Totient summatory function

In number theory, the totient summatory function [math]\displaystyle{ \Phi(n) }[/math] is a summatory function of Euler's totient function defined by:

[math]\displaystyle{ \Phi(n) := \sum_{k=1}^n \varphi(k), \quad n\in \mathbf{N} }[/math]

It is the number of coprime integer pairs {p, q}, 1 ≤ p ≤ q ≤ n.

Properties

Using Möbius inversion to the totient function, we obtain

[math]\displaystyle{ \Phi(n) = \sum_{k=1}^n k\sum _{d\mid k} \frac {\mu (d)}{d} = \frac{1}{2} \sum _{k=1}^n \mu(k) \left\lfloor \frac {n}{k} \right\rfloor \left(1 + \left\lfloor \frac {n}{k} \right\rfloor \right) }[/math]

Φ(n) has the asymptotic expansion

[math]\displaystyle{ \Phi(n) \sim \frac{1}{2\zeta(2)}n^{2}+O\left( n\log n \right ), }[/math]

where ζ(2) is the Riemann zeta function for the value 2.

Φ(n) is the number of coprime integer pairs {p, q}, 1 ≤ p ≤ q ≤ n.

The summatory of reciprocal totient function

The summatory of reciprocal totient function is defined as

[math]\displaystyle{ S(n) := \sum _{k=1}^{n}{\frac {1}{\varphi (k)}} }[/math]

Edmund Landau showed in 1900 that this function has the asymptotic behavior

[math]\displaystyle{ S(n) \sim A (\gamma+\log n)+ B +O\left(\frac{\log n} n\right) }[/math]

where γ is the Euler–Mascheroni constant,

[math]\displaystyle{ A = \sum_{k=1}^\infty \frac{\mu (k)^2}{k \varphi(k)} = \frac{\zeta(2)\zeta(3)}{\zeta(6)} = \prod_p \left(1+\frac 1 {p(p-1)} \right) }[/math]

and

[math]\displaystyle{ B = \sum_{k=1}^{\infty} \frac{\mu (k)^2\log k}{k \,\varphi(k)} = A \, \prod _{p}\left(\frac {\log p}{p^2-p+1}\right). }[/math]

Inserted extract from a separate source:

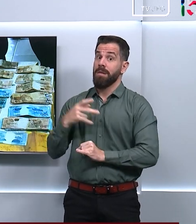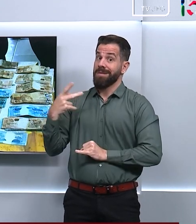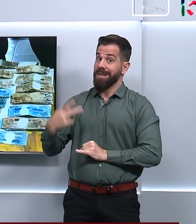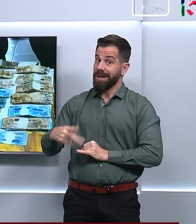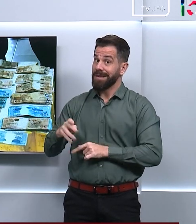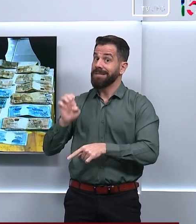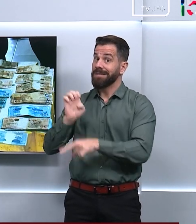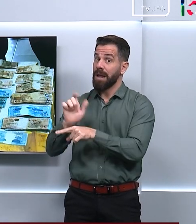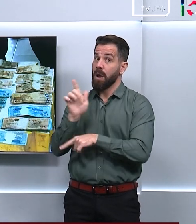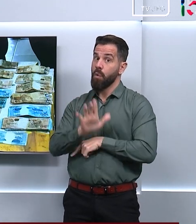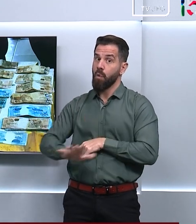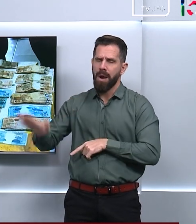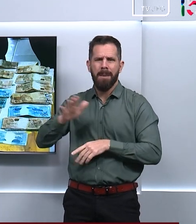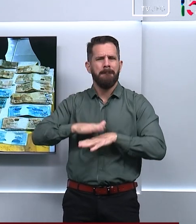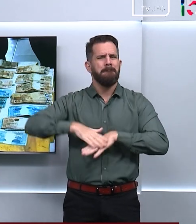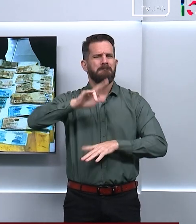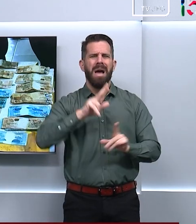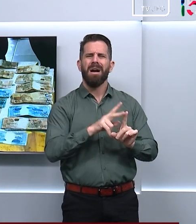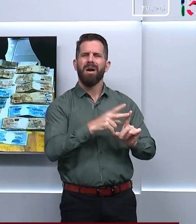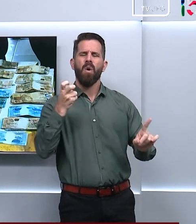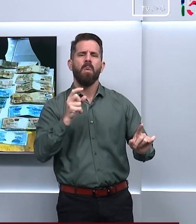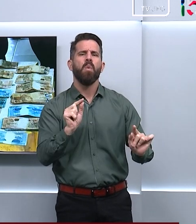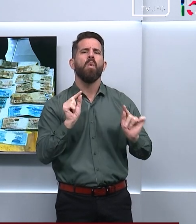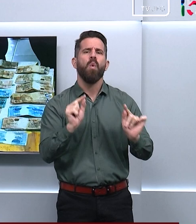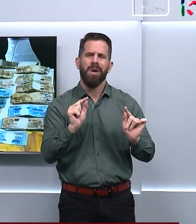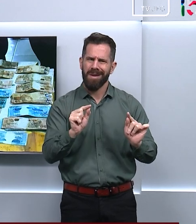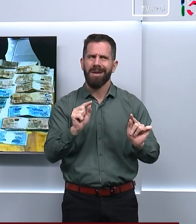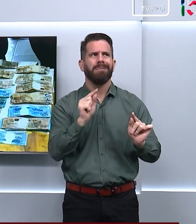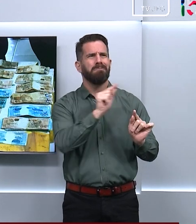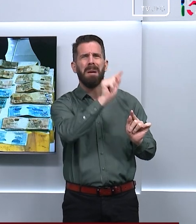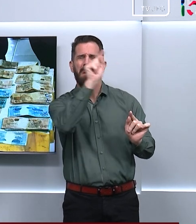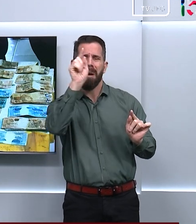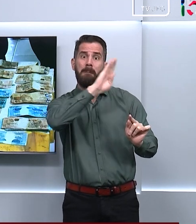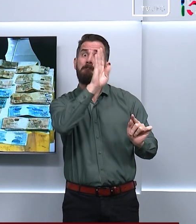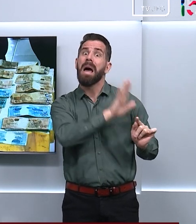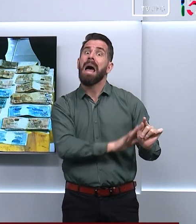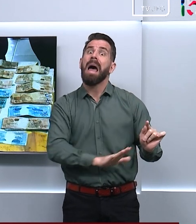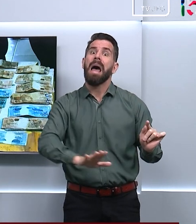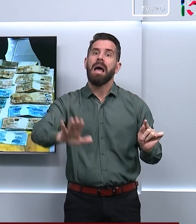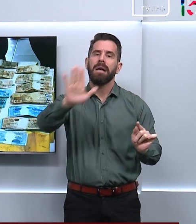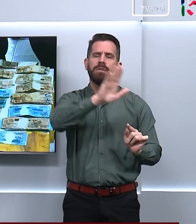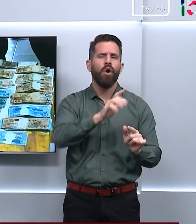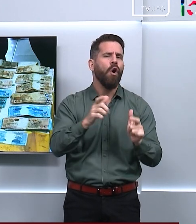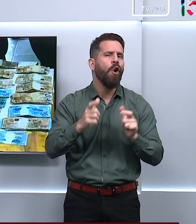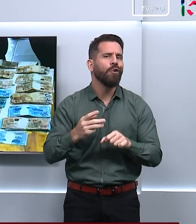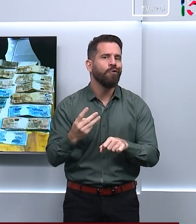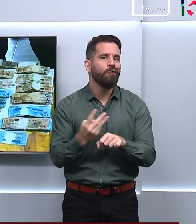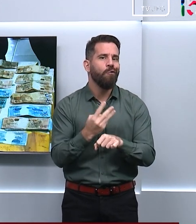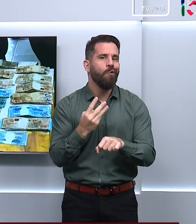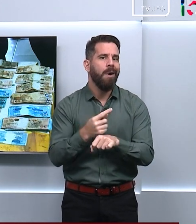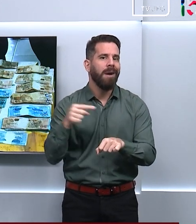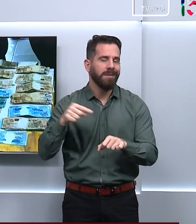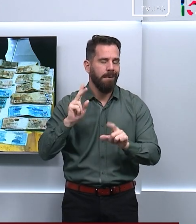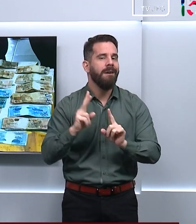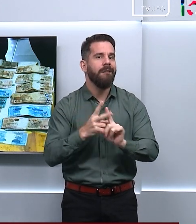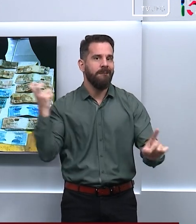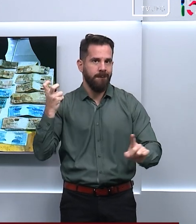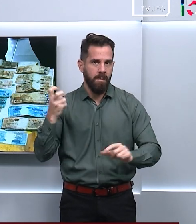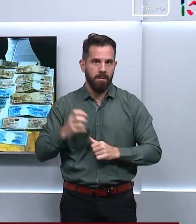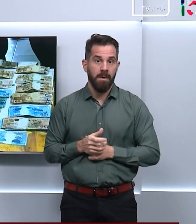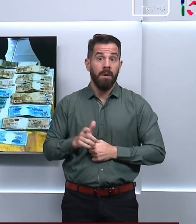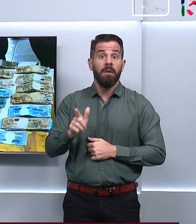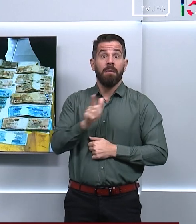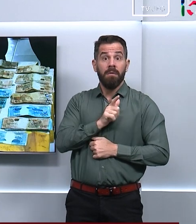especializada em aplicar golpes contra vítimas de todo o país por meio do WhatsApp. Foi apurado durante a

The constant A = 1.943596... is sometimes known as Landau's totient constant. The sum [math]\displaystyle{ \textstyle \sum _{k=1}^\infty\frac 1 {k\varphi (k)} }[/math] is convergent and equal to:

[math]\displaystyle{ \sum _{k=1}^\infty \frac 1 {k\varphi (k)} = \zeta(2) \prod_p \left(1 + \frac 1 {p^2(p-1)}\right) =2.20386\ldots }[/math]

In this case, the product over the primes in the right side is a constant known as totient summatory constant,^[1] and its value is:

[math]\displaystyle{ \prod_p \left(1+\frac 1 {p^2(p-1)} \right) = 1.339784\ldots }[/math]

See also

• Arithmetic function

References

• Weisstein, Eric W.. "Totient Summatory Function". http://mathworld.wolfram.com/TotientSummatoryFunction.html. 

External links

• Totient summatory function
• Decimal expansion of totient constant product(1 + 1/(p^2*(p-1))), p prime >= 2)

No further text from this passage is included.